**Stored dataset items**
● ● ● ●

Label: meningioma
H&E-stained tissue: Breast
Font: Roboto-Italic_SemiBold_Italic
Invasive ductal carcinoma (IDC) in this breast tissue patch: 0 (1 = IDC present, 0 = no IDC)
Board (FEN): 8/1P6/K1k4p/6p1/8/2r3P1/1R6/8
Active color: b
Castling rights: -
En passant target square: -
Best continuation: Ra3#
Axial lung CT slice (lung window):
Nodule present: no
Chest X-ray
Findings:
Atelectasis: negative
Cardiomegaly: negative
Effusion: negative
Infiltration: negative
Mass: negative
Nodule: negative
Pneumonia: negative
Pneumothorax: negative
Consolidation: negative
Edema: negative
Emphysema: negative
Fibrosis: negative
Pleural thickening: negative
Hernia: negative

● ● ● ●

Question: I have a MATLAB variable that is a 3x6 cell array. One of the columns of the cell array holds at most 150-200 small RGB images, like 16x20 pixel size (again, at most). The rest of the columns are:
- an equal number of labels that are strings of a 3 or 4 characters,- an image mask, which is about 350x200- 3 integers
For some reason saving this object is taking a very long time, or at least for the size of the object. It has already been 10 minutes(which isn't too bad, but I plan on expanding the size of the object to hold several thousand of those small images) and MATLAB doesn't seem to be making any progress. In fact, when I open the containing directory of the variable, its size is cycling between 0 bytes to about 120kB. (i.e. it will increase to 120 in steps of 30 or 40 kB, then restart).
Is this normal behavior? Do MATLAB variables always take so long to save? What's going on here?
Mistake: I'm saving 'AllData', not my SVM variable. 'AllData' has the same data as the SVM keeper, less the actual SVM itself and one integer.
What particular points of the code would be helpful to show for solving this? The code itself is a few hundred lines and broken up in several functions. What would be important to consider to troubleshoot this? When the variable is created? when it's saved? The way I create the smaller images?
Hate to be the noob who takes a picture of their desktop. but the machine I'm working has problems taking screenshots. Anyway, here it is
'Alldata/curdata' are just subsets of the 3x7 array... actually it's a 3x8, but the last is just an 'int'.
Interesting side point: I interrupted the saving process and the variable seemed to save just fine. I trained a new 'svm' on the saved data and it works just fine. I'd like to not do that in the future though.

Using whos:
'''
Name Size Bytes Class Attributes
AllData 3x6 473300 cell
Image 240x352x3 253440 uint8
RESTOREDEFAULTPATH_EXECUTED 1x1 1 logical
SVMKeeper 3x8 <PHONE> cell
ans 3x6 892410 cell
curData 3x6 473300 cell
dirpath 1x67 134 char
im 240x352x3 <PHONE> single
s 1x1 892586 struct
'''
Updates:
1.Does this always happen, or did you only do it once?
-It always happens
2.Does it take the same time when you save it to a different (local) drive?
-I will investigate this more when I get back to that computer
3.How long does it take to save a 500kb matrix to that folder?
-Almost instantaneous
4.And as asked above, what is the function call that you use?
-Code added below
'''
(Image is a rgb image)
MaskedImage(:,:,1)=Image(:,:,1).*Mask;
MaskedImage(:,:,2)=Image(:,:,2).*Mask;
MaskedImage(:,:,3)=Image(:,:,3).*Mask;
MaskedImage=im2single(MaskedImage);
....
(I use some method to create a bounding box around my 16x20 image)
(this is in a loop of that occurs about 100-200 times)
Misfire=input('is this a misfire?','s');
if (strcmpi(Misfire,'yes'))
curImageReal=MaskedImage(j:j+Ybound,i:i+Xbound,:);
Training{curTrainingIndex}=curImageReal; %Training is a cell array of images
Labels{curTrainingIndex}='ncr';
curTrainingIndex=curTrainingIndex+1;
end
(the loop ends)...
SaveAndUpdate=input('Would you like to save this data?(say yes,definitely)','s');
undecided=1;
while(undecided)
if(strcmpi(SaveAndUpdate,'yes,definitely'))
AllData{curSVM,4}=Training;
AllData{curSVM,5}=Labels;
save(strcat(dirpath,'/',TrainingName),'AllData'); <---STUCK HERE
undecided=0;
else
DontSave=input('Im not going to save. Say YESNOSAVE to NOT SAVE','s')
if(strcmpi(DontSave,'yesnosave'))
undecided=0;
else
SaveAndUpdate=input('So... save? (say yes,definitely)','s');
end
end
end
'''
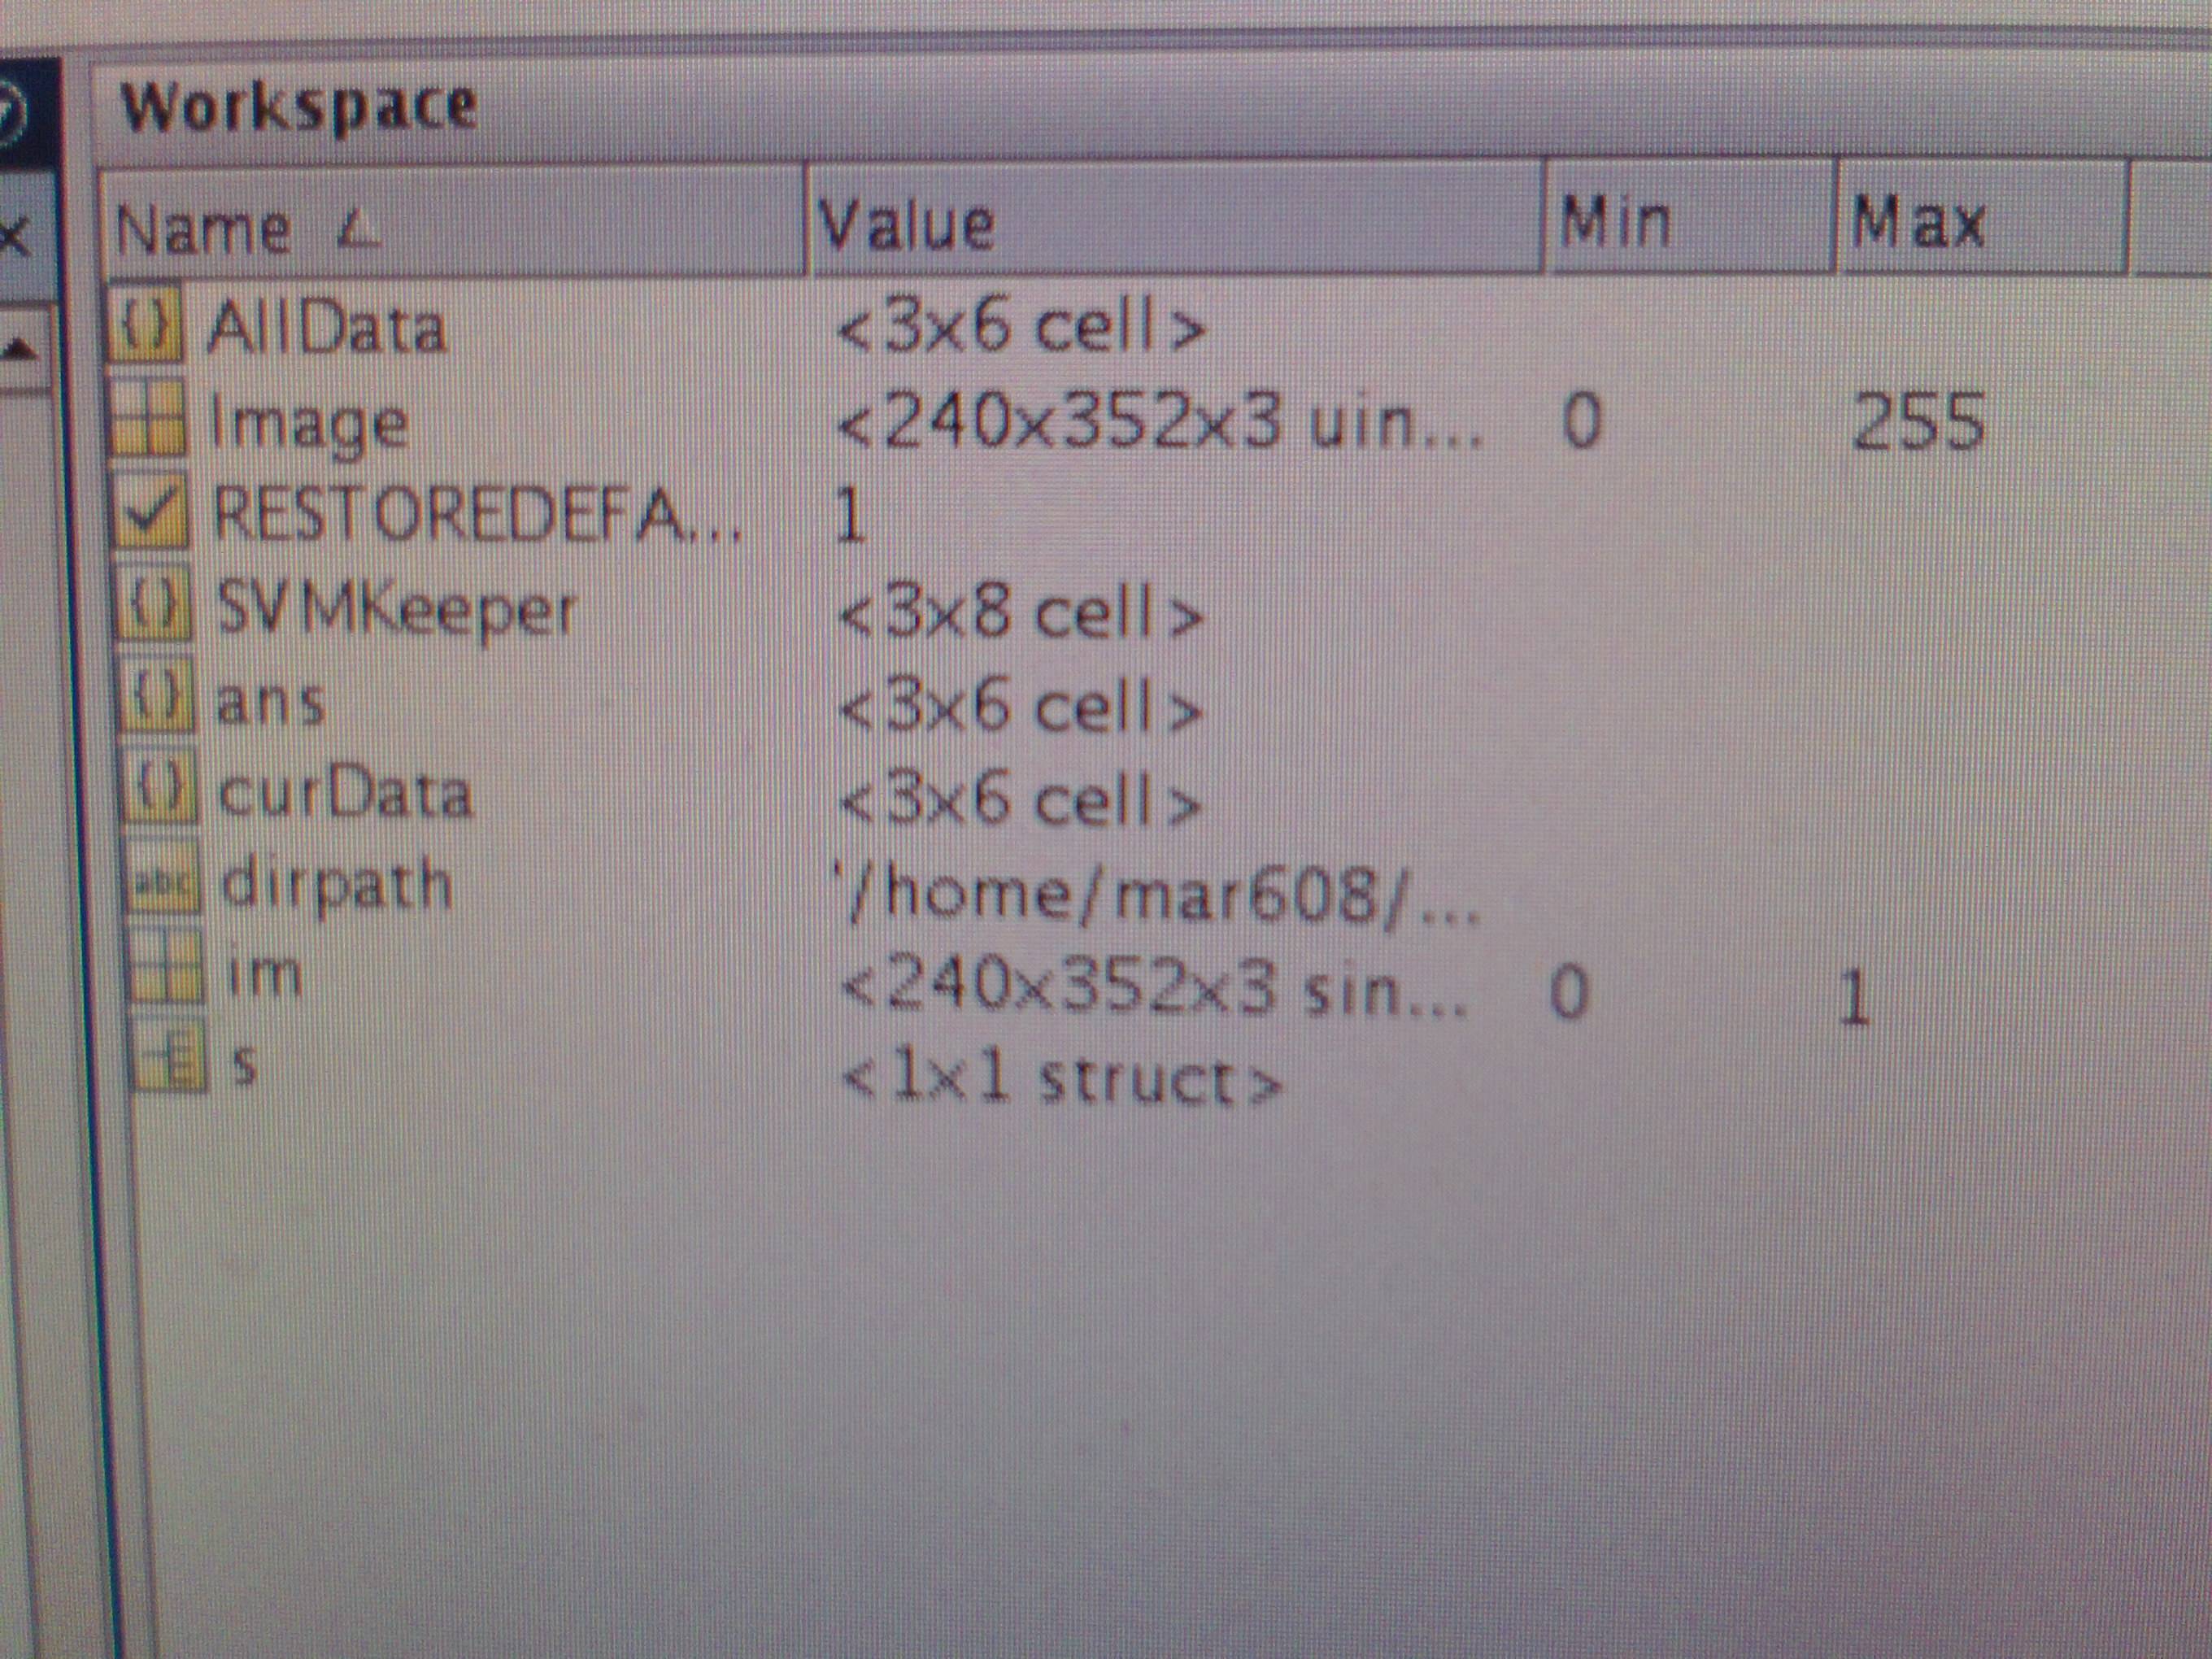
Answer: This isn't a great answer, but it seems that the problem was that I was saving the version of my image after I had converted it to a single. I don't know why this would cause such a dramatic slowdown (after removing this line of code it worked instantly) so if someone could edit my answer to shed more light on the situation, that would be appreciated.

● ● ● ●

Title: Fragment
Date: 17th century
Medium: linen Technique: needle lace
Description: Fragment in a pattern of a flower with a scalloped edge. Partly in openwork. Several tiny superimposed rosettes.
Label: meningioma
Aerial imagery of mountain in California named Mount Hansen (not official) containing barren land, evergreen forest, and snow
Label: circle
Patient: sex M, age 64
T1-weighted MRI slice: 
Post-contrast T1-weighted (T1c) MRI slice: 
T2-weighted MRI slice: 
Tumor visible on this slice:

● ● ● ●

**Problem statement**
Retype exactly the lines above, from the one with "H&E-stained tissue: Breast" through the one with "Hernia: negative", inclusive.

**Response to the exercise**
H&E-stained tissue: Breast
Font: Roboto-Italic_SemiBold_Italic
Invasive ductal carcinoma (IDC) in this breast tissue patch: 0 (1 = IDC present, 0 = no IDC)
Board (FEN): 8/1P6/K1k4p/6p1/8/2r3P1/1R6/8
Active color: b
Castling rights: -
En passant target square: -
Best continuation: Ra3#
Axial lung CT slice (lung window):
Nodule present: no
Chest X-ray
Findings:
Atelectasis: negative
Cardiomegaly: negative
Effusion: negative
Infiltration: negative
Mass: negative
Nodule: negative
Pneumonia: negative
Pneumothorax: negative
Consolidation: negative
Edema: negative
Emphysema: negative
Fibrosis: negative
Pleural thickening: negative
Hernia: negative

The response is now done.